We needed a big inhale-exhale after Laura's story, but not in a bad way.
Tusiata Avia's novel extract was read by Ana Mulipola. It was called "I Dream of Mike Tyson" and involved a young Samoan girl yearning for love who lived with a harsh, traditional Aunty. Sunga hangs out at night with two fa'afine, Whitney and Tina, who take their names from Whitney Houston and Tina Turner. She has to sneak out at night to avoid the demeaning discipline of her Aunty. These three characters pick up palagi sailors in the Seabreeze nightclub and take them for sexual acts to Tomosina, a small island created by the high tides. Sunga really just wants someone to love her and she doesn't want to be involved in meaningless sex acts. She yearns for escape, but when caught sneaking home by her Aunty, she suffers an unwarranted fate when her Aunty visits a traditional punishment on her with a pair of scissors.

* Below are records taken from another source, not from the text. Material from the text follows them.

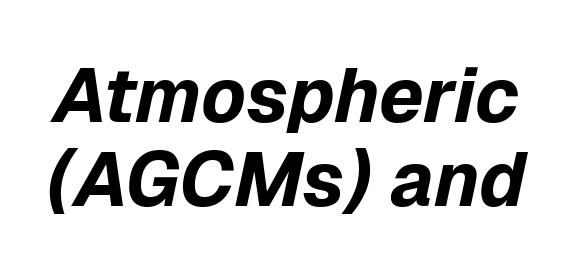
Underlining? Definitely not there. Italic? Definitely — the glyphs are oblique. How are the letters spaced? Ordinarily, with no added tracking. Pretty heavy lettering here — definitely bold. Line spacing here is tight. The face used here is proportionally spaced, like ordinary book or web type.
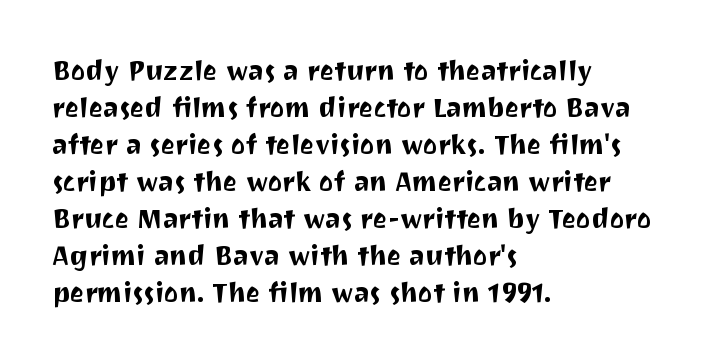
{"italic": "no", "underline": "no", "align": "left", "line_spacing": "normal", "line_spacing_ratio": 1.37, "letter_spacing": "normal", "letter_spacing_em": 0.0, "glyph_px": 27}
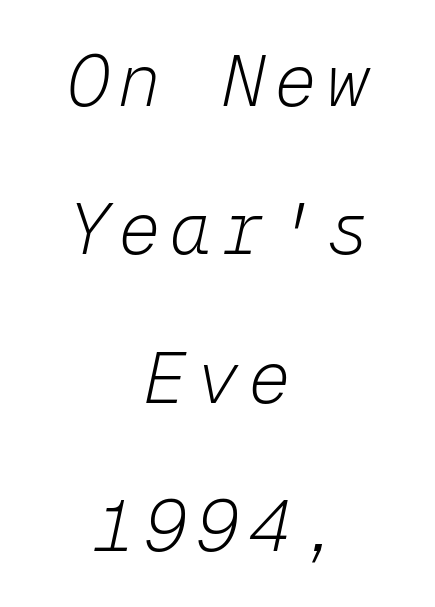
A typesetter would call this leading open, well beyond the default. Every character here occupies the same horizontal width, giving the sample a typewriter-like rhythm. Glance below the letters and you will spot only blank space. Think standard paragraph weight, or any step lighter than that. Rendered with sloped, italic letterforms.
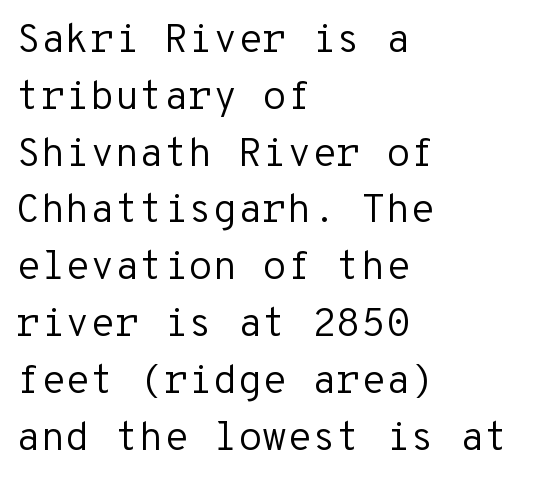
{"serif": "no", "italic": "no", "bold": "no", "weight": "regular", "width": "normal", "stroke_contrast": "low", "x_height": "medium", "monospaced": "yes", "underline": "no", "align": "left", "line_spacing": "normal", "line_spacing_ratio": 1.42, "letter_spacing": "normal", "letter_spacing_em": 0.0, "glyph_px": 40}
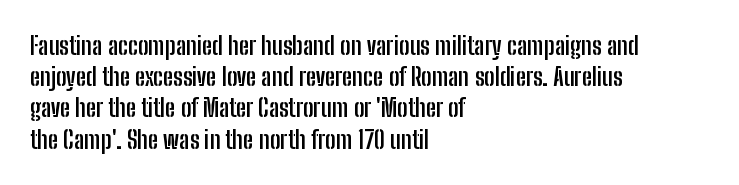
Q: Is the text bold? A: Yes.
Q: Is the text italic (slanted)? A: No, it is upright.
Q: Is the text underlined? A: No.
Q: How is the paragraph aligned? A: Left-aligned.
Q: Is the spacing between letters normal or unusually wide? A: Normal.
Q: Is the spacing between lines tight, normal or loose? A: Normal.
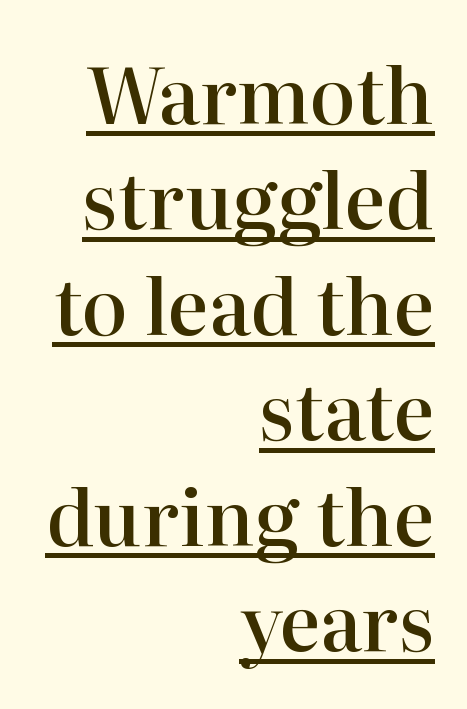
The image shows 77 px semibold serif type, upright; set right-aligned, normal line spacing (1.37x), normal letter spacing, underlined; high stroke contrast and a medium x-height.
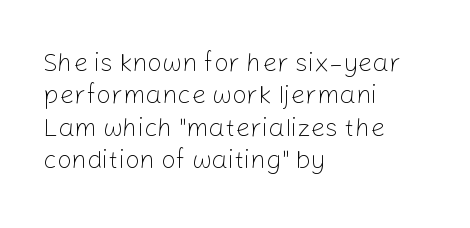
The image shows 26 px text type, upright; set left-aligned, normal line spacing (1.25x), normal letter spacing, not underlined.
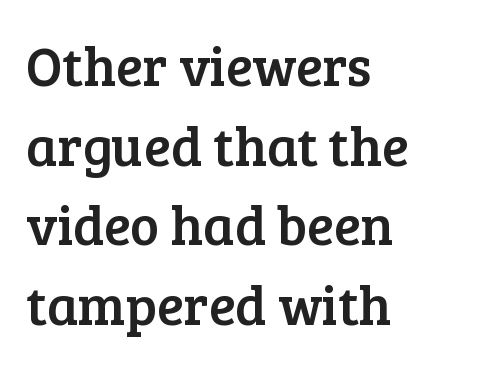
The image shows 55 px serif type, upright; set left-aligned, normal line spacing (1.45x), normal letter spacing, not underlined; low stroke contrast and a medium x-height.
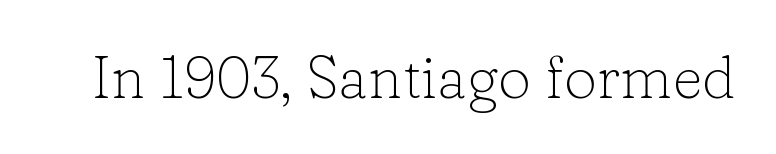
Q: Is the text bold? A: No.
Q: Is the text italic (slanted)? A: No, it is upright.
Q: Is the typeface a serif or a sans-serif typeface? A: Serif.
Q: Is the text underlined? A: No.
Q: Is the spacing between letters normal or unusually wide? A: Normal.
Q: Width (condensed, normal, or wide)? A: Normal.
Q: Stroke contrast? A: Low.
Q: x-height? A: Medium.
Q: Monospaced? A: No.
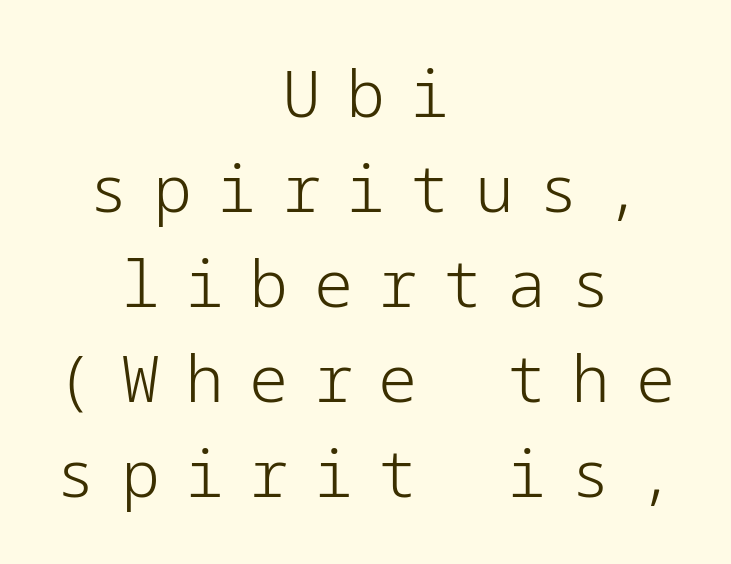
The image shows 65 px light sans-serif type, upright; set centered, normal line spacing (1.46x), unusually wide letter spacing (+0.39 em), not underlined; low stroke contrast and a medium x-height.
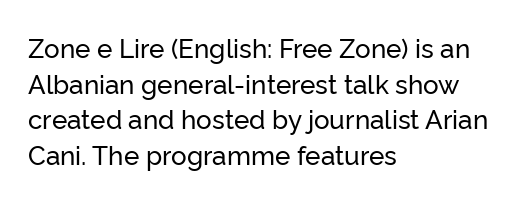
{"italic": "no", "underline": "no", "align": "left", "line_spacing": "normal", "line_spacing_ratio": 1.37, "letter_spacing": "normal", "letter_spacing_em": 0.0, "glyph_px": 26}
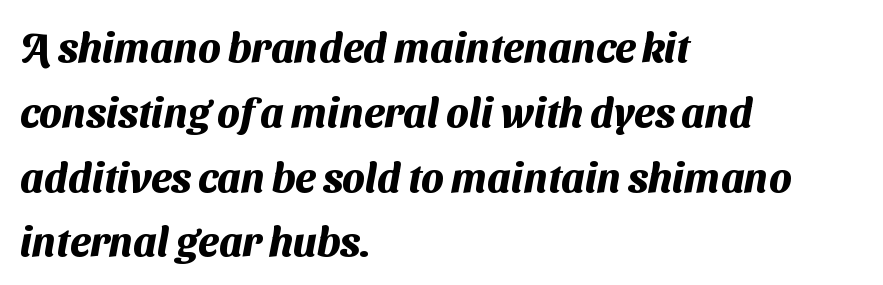
The string is rendered with underlining switched off. Left-aligned paragraph, ragged on the right. This sample keeps an unexceptional amount of space between lines. Inter-character spacing is left at the font's built-in metrics. A sans-serif font was chosen for this passage. Its strokes are broad and dark, the hallmark of bold type.
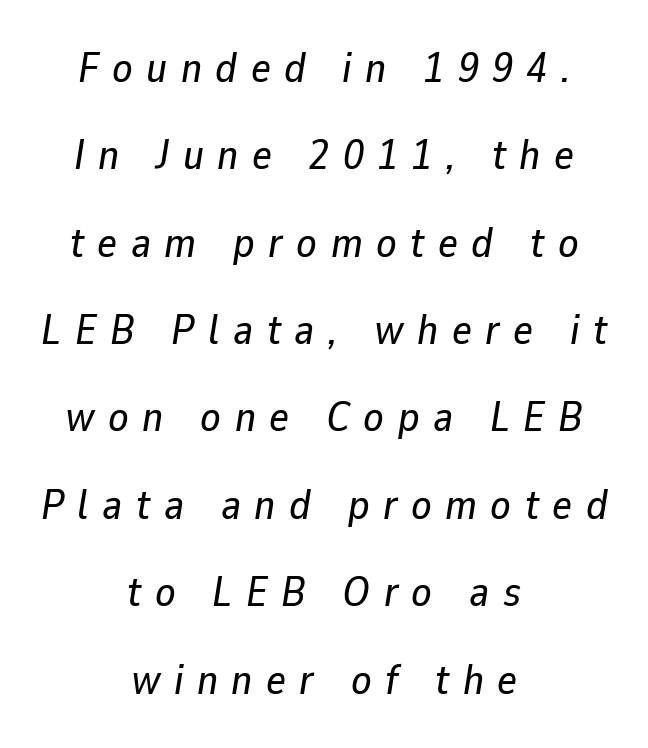
The image shows 42 px text type, italic (leaning right); set centered, loose line spacing (2.08x), unusually wide letter spacing (+0.32 em), not underlined; low stroke contrast and a medium x-height.
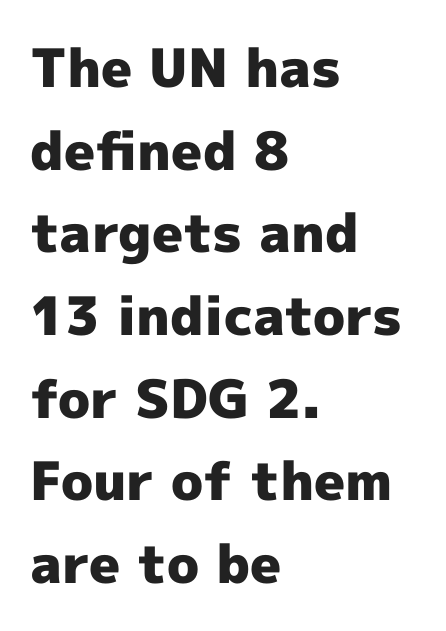
{"serif": "no", "italic": "no", "bold": "yes", "weight": "heavy", "width": "normal", "x_height": "medium", "monospaced": "no", "underline": "no", "align": "left", "line_spacing": "normal", "line_spacing_ratio": 1.56, "letter_spacing": "normal", "letter_spacing_em": 0.0, "glyph_px": 53}
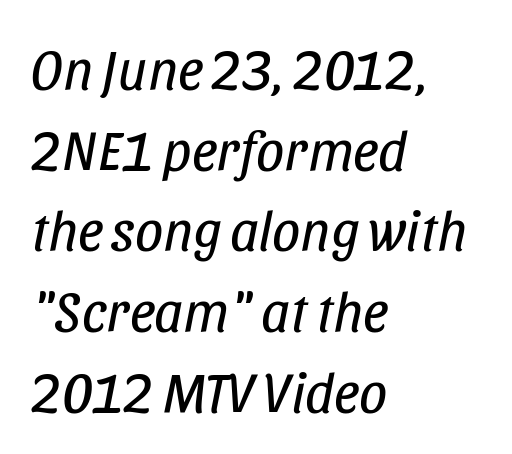
Q: Is the text bold? A: No.
Q: Is the text italic (slanted)? A: Yes, it leans right by about 11 degrees.
Q: Is the text underlined? A: No.
Q: How is the paragraph aligned? A: Left-aligned.
Q: Is the spacing between letters normal or unusually wide? A: Normal.
Q: Is the spacing between lines tight, normal or loose? A: Normal.
Q: Width (condensed, normal, or wide)? A: Condensed.
Q: Stroke contrast? A: Low.
Q: x-height? A: Large.
Q: Monospaced? A: No.
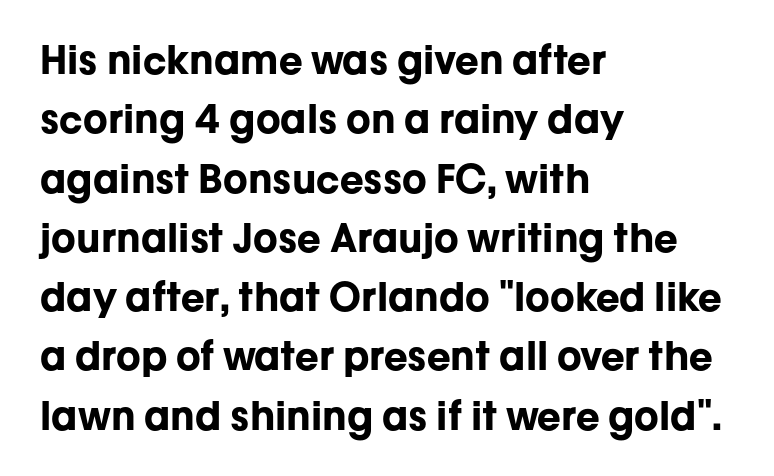
Type without underlining. Heft: maximum for text — a bold. Notice how descenders clear the ascenders below comfortably — that's standard leading. Compared with a centered layout, this one pins lines to the left instead.
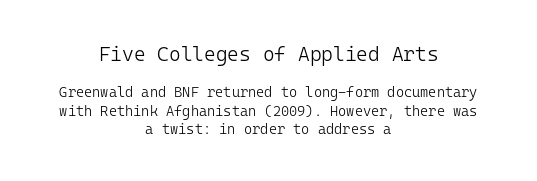
{"italic": "no", "bold": "no", "underline": "no", "align": "center", "line_spacing": "normal", "line_spacing_ratio": 1.32, "letter_spacing": "normal", "letter_spacing_em": 0.0, "larger_block": "first", "size_ratio": 1.43, "glyph_px": 20}
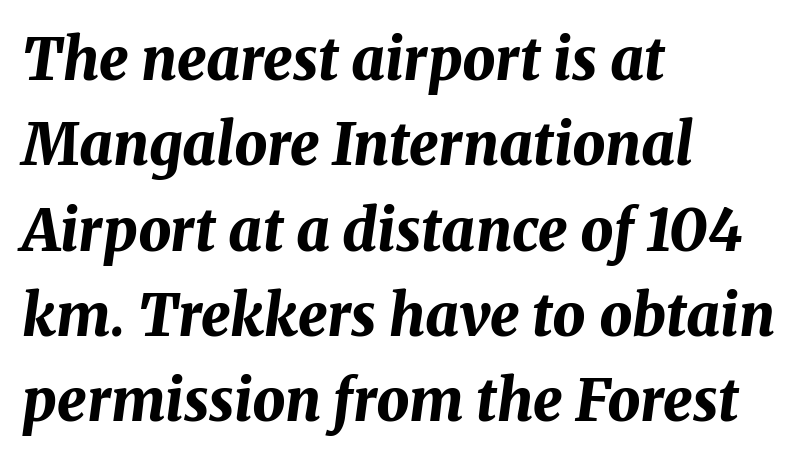
Q: Is the text bold? A: Yes.
Q: Is the text italic (slanted)? A: Yes, it leans right by about 8 degrees.
Q: Is the text underlined? A: No.
Q: How is the paragraph aligned? A: Left-aligned.
Q: Is the spacing between letters normal or unusually wide? A: Normal.
Q: Is the spacing between lines tight, normal or loose? A: Normal.
Q: Width (condensed, normal, or wide)? A: Normal.
Q: Stroke contrast? A: Medium.
Q: x-height? A: Medium.
Q: Monospaced? A: No.
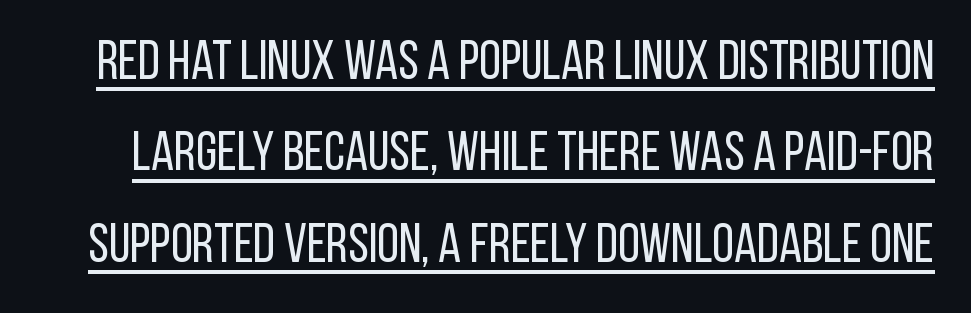
{"serif": "no", "italic": "no", "bold": "no", "weight": "regular", "width": "condensed", "stroke_contrast": "low", "x_height": "large", "monospaced": "no", "underline": "yes", "line_spacing": "normal", "line_spacing_ratio": 1.66, "letter_spacing": "normal", "letter_spacing_em": 0.0, "glyph_px": 55}

Pip Adam concluded the evening with a sci-fi tale about fifteen giants exiled from Earth in a spaceship. It was narrated by Alba, one of these giants, who tells the readers that there are 500 of such spaceships sent into space with fifteen giants on board each ship. The normal size people have sent the giants into space so the reduced gravity will cause them to enlarge until their bodies explode. It is "a cruelty no one would see". Alba is joined in conversation by Bess and Talia, two other giants aboard the spaceship. Alba asserts that "no one knew the physics" of this cruel solution to the problem of an overcrowded Earth, but these three giants assert that it is "their job on the ship to make noise", a noise sadly that no one but the victims will ever hear.
And then we were ushered out into the evening, our anxieties, if not soothed, at least placated for awhile.